Where the records hold the string "highlights", show the whole line it sits on.
##############################
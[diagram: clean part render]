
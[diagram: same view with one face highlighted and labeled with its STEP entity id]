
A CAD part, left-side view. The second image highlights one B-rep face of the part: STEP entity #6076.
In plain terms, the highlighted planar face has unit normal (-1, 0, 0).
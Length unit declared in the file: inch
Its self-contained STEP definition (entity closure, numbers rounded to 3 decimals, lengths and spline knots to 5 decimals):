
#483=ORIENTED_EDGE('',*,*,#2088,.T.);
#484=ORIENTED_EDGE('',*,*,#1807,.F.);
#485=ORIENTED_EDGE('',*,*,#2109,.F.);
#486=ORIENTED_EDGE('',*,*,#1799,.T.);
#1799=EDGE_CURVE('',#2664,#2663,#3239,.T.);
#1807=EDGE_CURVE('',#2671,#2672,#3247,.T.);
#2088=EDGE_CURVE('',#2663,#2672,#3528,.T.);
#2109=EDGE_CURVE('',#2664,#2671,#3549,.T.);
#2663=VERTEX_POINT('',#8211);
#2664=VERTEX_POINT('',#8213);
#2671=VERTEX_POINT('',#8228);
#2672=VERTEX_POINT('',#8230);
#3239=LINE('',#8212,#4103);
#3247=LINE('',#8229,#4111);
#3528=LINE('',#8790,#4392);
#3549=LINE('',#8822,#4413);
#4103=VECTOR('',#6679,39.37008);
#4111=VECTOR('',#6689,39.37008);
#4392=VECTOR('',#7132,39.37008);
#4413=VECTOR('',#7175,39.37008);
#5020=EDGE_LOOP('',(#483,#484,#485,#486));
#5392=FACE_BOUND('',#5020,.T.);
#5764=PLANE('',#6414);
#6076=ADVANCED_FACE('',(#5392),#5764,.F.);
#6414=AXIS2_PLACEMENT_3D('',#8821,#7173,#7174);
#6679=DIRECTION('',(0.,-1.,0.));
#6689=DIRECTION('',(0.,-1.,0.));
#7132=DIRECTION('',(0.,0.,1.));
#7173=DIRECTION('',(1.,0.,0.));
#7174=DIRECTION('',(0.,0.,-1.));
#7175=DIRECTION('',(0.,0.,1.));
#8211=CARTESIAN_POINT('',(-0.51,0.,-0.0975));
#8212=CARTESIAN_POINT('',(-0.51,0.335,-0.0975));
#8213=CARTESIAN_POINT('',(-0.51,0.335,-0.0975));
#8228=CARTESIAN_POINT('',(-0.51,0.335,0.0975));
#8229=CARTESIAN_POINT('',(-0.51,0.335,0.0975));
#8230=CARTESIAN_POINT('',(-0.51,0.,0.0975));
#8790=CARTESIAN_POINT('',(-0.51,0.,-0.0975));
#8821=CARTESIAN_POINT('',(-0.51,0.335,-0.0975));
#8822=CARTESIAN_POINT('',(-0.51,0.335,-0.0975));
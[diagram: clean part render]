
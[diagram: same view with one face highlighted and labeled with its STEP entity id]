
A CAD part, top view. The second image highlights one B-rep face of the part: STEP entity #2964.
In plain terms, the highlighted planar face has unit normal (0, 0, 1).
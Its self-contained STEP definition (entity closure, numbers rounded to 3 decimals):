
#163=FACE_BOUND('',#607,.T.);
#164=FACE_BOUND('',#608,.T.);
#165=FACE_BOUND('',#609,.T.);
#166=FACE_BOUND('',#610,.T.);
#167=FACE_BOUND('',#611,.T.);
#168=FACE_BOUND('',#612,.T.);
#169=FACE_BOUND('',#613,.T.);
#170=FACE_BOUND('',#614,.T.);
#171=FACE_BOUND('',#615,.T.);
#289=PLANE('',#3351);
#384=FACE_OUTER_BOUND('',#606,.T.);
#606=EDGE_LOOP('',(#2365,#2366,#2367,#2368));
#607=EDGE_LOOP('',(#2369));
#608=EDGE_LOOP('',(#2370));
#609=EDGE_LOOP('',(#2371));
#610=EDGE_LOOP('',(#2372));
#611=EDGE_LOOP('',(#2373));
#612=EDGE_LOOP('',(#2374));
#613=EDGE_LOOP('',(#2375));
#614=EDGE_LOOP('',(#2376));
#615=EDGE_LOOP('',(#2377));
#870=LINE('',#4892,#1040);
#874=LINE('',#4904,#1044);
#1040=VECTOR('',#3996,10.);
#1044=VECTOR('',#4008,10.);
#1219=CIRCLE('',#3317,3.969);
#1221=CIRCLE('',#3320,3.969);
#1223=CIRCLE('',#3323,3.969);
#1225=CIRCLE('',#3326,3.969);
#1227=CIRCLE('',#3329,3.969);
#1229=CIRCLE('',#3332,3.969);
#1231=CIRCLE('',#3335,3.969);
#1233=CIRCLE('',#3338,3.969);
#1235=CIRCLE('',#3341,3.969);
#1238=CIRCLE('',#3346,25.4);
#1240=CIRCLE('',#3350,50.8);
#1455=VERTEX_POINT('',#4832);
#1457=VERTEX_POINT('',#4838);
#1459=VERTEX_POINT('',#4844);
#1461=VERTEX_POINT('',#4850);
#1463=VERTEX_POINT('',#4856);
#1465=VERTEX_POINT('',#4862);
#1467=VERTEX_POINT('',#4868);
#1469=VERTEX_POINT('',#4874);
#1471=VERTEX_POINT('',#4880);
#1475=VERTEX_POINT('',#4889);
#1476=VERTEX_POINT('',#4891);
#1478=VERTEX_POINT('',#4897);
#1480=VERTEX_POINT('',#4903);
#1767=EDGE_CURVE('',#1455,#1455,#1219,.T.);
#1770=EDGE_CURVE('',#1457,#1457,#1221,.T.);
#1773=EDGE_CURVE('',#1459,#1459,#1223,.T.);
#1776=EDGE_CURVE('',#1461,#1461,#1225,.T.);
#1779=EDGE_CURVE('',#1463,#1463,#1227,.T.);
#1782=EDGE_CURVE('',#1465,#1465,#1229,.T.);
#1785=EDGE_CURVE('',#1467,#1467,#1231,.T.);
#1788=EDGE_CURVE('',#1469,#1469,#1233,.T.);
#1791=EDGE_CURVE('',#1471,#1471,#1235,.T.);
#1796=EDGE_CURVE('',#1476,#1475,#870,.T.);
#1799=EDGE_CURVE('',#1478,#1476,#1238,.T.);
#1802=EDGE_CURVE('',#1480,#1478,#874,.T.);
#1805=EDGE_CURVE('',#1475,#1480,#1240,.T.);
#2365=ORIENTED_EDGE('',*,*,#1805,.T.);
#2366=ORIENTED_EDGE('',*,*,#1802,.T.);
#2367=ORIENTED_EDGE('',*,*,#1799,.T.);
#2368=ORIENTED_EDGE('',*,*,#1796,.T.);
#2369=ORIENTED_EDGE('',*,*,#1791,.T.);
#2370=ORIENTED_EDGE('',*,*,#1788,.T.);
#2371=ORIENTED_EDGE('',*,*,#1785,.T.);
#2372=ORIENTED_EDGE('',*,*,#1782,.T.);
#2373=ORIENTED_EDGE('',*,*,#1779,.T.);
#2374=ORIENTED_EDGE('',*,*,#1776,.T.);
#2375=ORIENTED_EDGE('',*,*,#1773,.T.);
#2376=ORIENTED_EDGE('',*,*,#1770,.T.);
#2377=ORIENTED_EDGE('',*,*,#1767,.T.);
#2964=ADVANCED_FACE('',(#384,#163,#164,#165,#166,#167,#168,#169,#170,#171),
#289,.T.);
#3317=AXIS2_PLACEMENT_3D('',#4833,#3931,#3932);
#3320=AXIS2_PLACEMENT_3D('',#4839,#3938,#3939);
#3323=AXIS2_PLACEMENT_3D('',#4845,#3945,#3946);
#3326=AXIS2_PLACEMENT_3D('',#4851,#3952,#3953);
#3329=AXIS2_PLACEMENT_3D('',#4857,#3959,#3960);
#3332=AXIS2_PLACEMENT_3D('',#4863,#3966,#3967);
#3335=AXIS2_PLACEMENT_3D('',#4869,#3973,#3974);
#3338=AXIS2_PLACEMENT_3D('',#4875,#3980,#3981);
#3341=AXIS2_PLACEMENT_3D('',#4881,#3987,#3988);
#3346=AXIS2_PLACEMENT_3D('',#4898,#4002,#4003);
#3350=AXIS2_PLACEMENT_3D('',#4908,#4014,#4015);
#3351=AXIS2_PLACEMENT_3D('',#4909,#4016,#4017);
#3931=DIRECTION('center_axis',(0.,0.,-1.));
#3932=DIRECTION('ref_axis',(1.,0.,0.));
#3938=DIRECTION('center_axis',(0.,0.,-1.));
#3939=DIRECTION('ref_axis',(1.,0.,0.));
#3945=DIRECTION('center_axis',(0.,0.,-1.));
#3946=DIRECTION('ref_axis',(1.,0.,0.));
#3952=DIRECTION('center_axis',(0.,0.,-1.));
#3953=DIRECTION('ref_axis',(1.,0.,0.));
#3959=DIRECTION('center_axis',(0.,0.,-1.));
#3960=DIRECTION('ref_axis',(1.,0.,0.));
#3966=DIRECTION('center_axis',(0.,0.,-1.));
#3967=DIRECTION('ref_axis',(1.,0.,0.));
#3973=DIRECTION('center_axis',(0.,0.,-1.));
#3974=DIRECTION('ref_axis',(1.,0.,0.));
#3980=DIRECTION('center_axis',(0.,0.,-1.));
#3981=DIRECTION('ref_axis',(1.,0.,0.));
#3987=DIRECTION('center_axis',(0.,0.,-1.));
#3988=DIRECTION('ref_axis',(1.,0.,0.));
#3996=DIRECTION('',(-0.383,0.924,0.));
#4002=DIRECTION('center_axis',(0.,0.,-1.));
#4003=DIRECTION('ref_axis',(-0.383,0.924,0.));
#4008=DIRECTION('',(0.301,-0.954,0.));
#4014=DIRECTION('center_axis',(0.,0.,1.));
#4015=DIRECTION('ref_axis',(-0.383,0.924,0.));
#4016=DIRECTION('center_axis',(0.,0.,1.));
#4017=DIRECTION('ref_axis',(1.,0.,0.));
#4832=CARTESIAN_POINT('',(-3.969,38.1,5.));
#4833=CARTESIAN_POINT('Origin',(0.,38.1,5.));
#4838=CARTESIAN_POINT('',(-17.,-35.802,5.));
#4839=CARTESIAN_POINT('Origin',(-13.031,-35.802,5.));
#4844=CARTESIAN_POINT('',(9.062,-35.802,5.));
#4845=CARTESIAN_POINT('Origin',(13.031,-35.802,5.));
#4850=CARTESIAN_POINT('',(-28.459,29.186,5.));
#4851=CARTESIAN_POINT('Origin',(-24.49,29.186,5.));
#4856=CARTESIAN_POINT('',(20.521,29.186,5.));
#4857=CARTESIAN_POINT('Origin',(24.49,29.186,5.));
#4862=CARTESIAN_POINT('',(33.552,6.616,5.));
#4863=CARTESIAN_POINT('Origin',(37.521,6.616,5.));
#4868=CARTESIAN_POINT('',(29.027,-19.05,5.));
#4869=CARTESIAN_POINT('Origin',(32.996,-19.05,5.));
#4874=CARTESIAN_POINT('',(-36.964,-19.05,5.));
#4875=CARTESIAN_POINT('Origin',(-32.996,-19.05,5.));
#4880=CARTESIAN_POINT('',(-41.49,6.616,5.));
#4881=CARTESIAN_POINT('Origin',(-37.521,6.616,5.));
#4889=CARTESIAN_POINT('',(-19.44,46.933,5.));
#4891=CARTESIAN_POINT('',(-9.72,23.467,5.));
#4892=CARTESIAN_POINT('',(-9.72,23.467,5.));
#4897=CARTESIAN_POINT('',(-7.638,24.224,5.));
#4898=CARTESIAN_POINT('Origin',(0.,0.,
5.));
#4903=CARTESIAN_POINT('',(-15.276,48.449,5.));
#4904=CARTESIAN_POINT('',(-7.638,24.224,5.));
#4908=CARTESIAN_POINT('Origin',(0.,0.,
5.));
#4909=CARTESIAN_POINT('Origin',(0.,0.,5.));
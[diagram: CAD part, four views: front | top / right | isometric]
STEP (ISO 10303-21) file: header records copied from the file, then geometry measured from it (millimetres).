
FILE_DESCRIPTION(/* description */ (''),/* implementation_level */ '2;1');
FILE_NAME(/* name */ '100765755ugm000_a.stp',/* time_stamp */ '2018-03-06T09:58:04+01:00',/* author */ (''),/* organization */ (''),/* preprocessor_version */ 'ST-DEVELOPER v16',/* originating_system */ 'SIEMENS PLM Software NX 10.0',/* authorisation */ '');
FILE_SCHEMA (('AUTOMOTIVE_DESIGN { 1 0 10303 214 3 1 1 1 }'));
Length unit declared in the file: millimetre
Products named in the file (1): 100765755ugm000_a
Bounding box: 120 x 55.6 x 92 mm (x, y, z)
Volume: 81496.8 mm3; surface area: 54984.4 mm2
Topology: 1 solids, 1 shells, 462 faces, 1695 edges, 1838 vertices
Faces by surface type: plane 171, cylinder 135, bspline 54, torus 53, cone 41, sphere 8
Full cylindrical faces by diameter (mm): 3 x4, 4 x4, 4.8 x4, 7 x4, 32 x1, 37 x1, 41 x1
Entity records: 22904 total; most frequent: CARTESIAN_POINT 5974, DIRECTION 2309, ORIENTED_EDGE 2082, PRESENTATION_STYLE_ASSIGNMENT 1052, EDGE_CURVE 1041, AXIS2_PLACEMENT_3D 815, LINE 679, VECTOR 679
##############################
▸ **WRITTEN SOLUTION**:
A CAD part, left-side view. The second image highlights one B-rep face of the part: STEP entity #6076.
A CAD part, top view. The second image highlights one B-rep face of the part: STEP entity #2964.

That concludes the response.